I have a medium Salsa Bucksaw.



I want to outfit it for some bikepacking this year and I'm not entirely sure what I want to do with frame storage. I will be DIYing a seat bag, FWIW.

My choices would be a frame bag:









or a cargo cage:










I dry fit one of these Blackburn cargo cages at the shop today when I was picking up my bike after getting my rear brake bled. The position of the bottle cage bosses on the Bucksaw puts them WAY low, and items in this cargo cage would be VERY close (if not hitting) the seat tube near the hole for stealth dropper routing. The bottom platform of the cage is half an inch or less from the seat tube. If I ever install a dropper post, this is an even bigger problem. A hard round item with a larger diameter (like a large bottle) just flat wouldn't fit. So I'd be limited to using something soft like a stuff bag that could conform to the tube shape.

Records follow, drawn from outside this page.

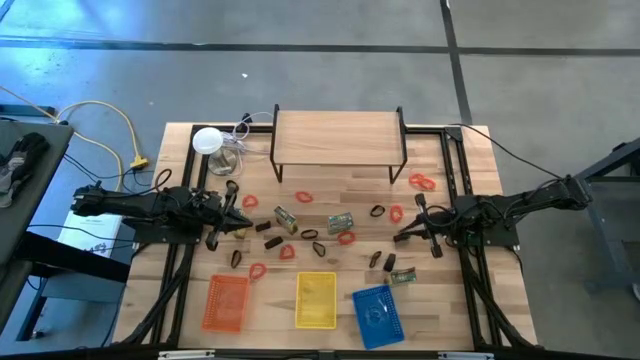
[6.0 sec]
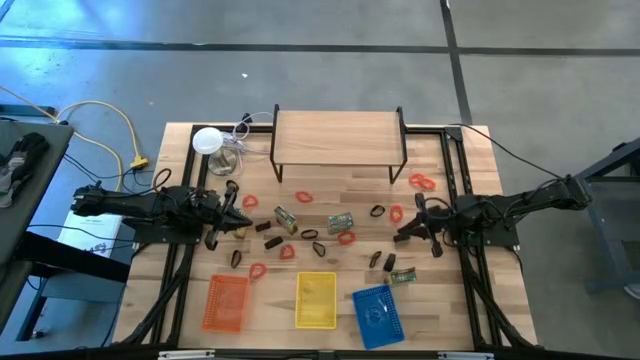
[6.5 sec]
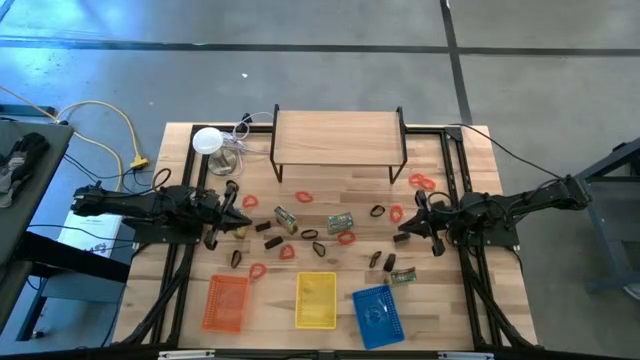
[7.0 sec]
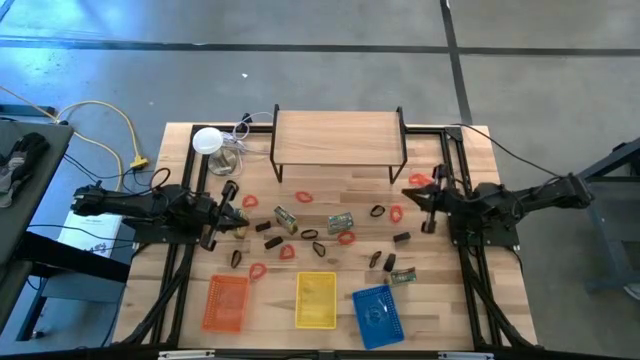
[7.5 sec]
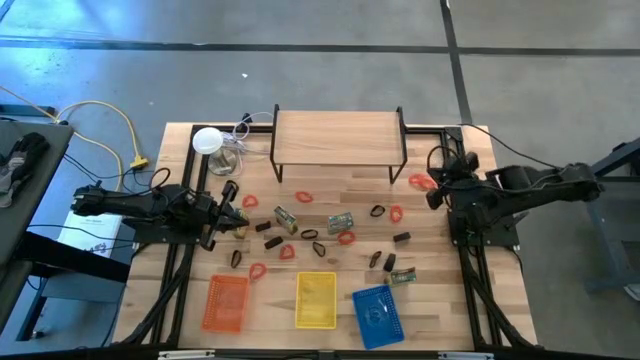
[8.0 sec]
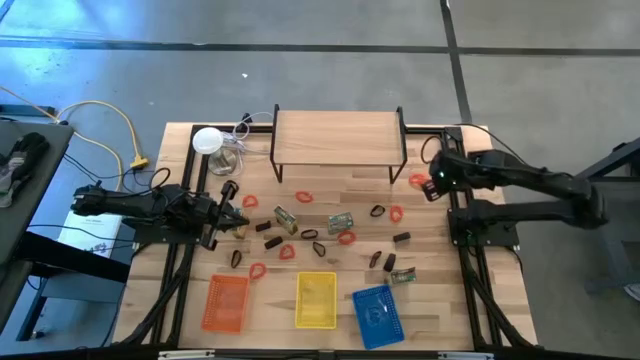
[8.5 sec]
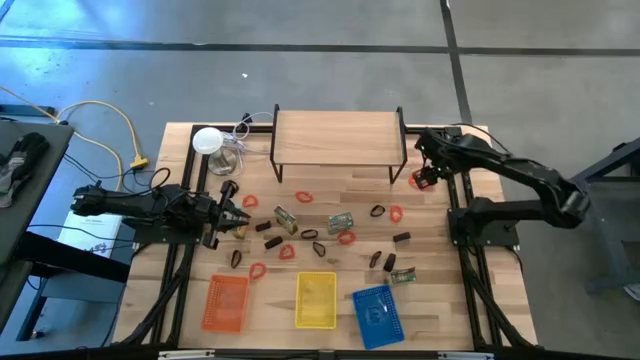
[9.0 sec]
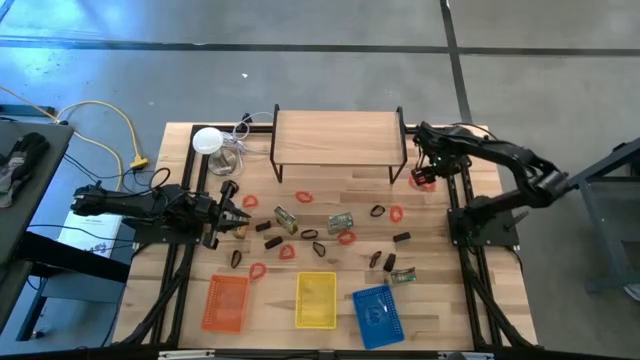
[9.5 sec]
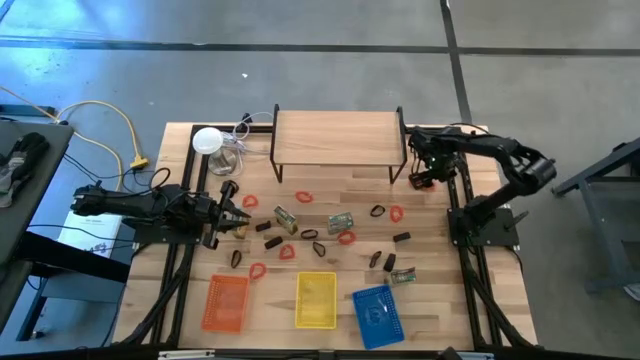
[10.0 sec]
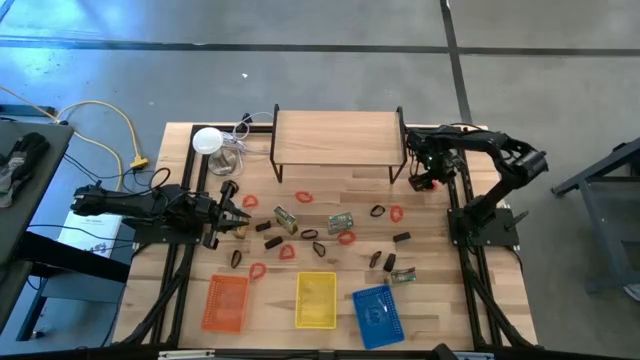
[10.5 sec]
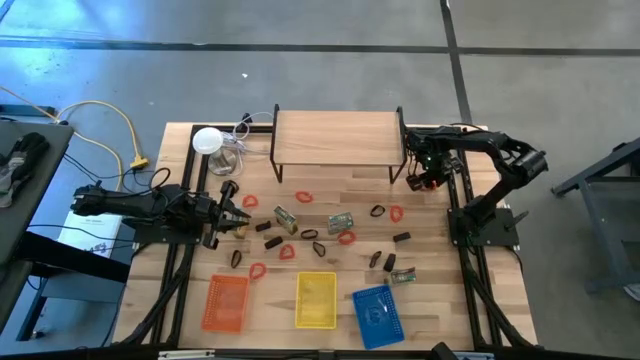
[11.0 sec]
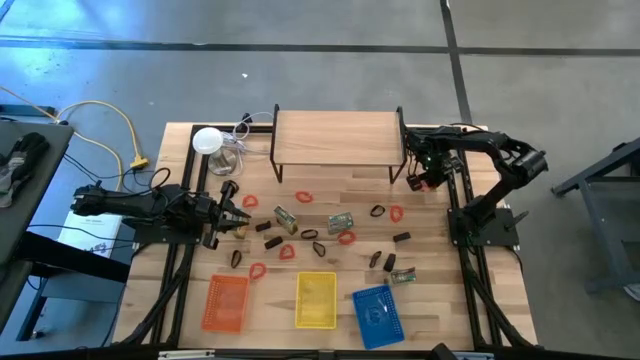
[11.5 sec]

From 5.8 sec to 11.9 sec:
Task: Pick & Place Office Desk Supplies
Put the orange spring keychain into the blue bin

The guy at the shop I was talking to (a friend I worked with last year) has a Bucksaw the same size as me, and he has the frame bag. He's saying that he has space for a bottle, a few light batteries, and maybe a bit more for some extra gloves/balaclava, etc in that weird little upper section of the bag. It's not super spacious (but not terrible), but moreso the issue is the weird shape that limits WHAT you can put in there.

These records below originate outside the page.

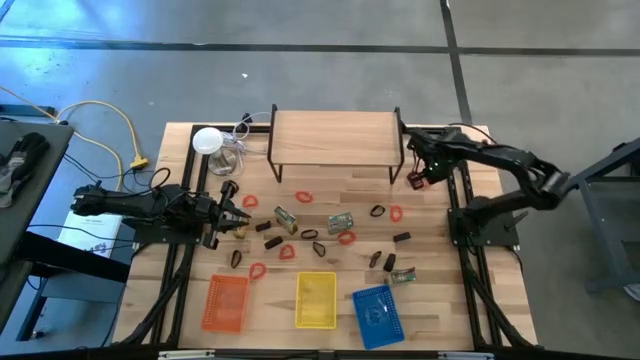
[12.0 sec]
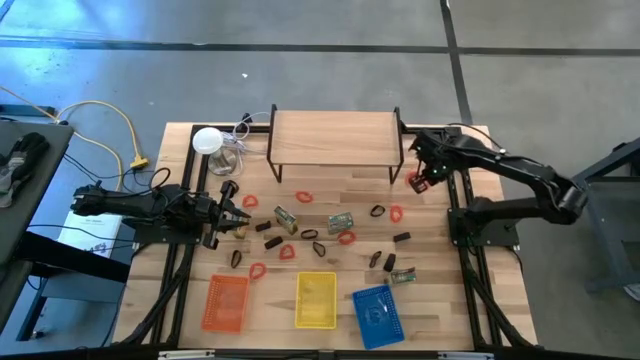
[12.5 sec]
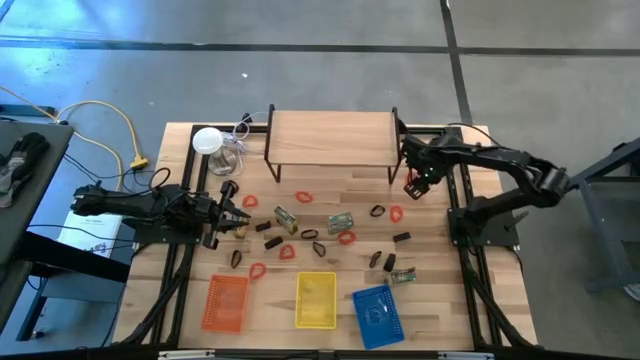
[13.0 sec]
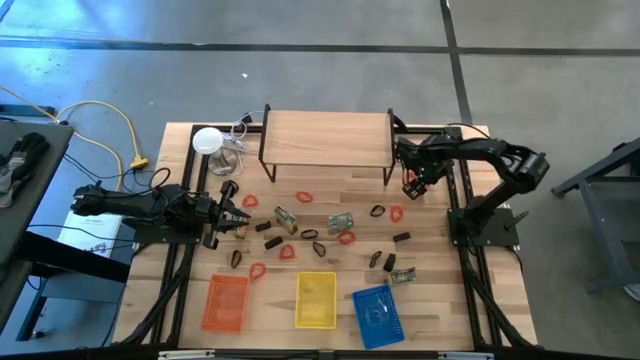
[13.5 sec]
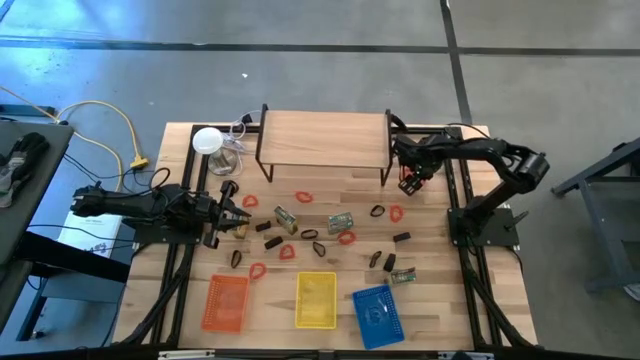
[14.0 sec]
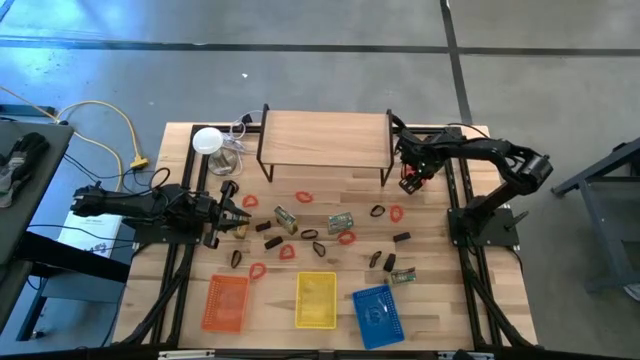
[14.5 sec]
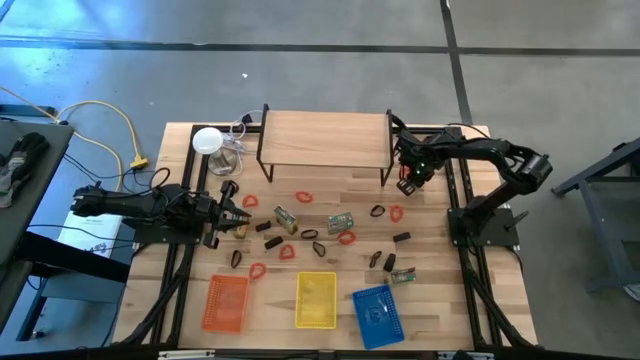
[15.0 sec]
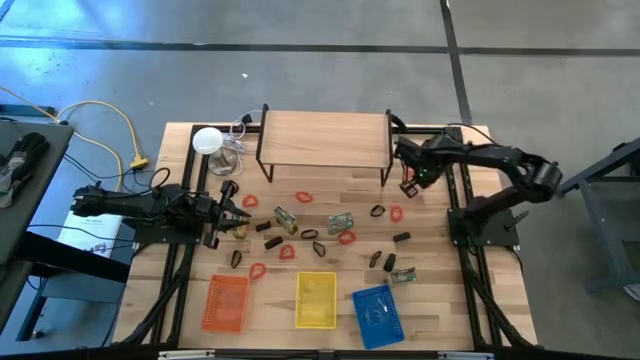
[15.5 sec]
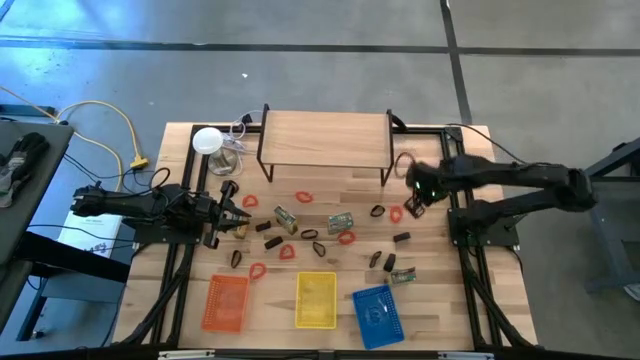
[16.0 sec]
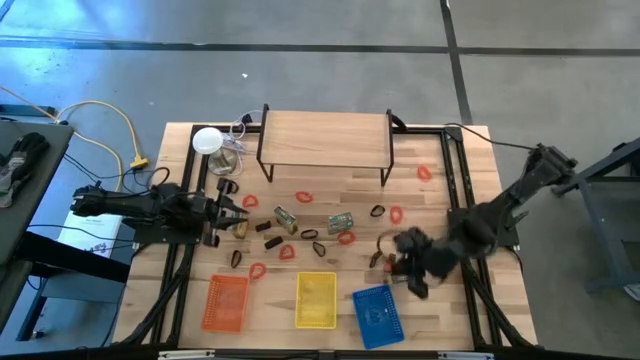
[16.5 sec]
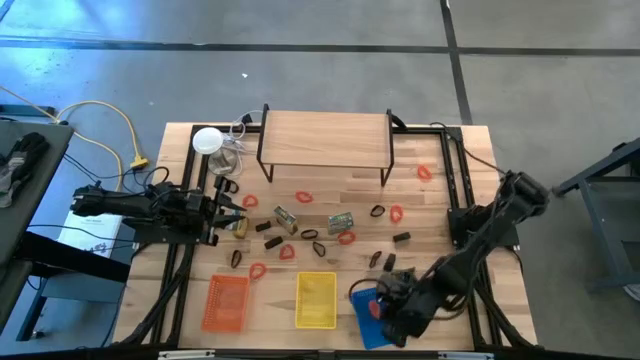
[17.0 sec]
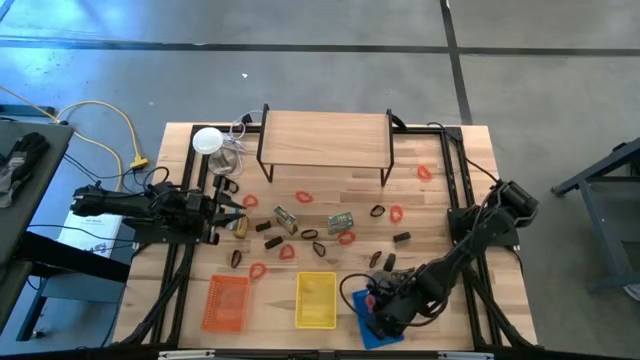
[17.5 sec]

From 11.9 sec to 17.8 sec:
Put the orange spring keychain into the blue bin

Seems like the frame bag might be the better choice for this bike, but it's not overwhelming to me. What say ye?


----------



## Mr Pink57 (Jul 30, 2009)

Salsa Cycles
He had a bucksaw in Iceland. He did it with a framebag, seatbag, and handlebar bag.

Uraltour does a top tube bag that runs the length of the top tube, that might be something to also look at for extra storage. Like connecting a gas tank and jerry can.


----------



## Harold (Dec 23, 2003)

Sure, yeah, I've got those other options on my radar, but this post is specifically about the area within the front triangle. For that, frame bag or cargo cage would be my two choices. 

I'm looking for thoughts folks have about those choices for similar sorts of bikes (really, any FS would apply).

My gear is compact and light enough that I think I'll be fine with seatbag, handlebar bag, some frame storage, and maybe a gas tank along with a larger daypack.


----------



## Quitou (Sep 1, 2014)

Ha. Funny. That was me on a pre-production Bucksaw.

I used a frame bag made by Andrew at Bedrock Bags, It's an absolutely perfect bag. Bedrock Bags and Packs I images if you ride a large, Andrew likely still has the template.

I think the Bedrock bag is better than the Salsa bag, but not by much. I do think Bedrock's Entrada bar bag is the bomb.

I'll be taking a similar setup to Nepal soon.











Mr Pink57 said:


> Salsa Cycles
> He had a bucksaw in Iceland. He did it with a framebag, seatbag, and handlebar bag.
> 
> Uraltour does a top tube bag that runs the length of the top tube, that might be something to also look at for extra storage. Like connecting a gas tank and jerry can.


----------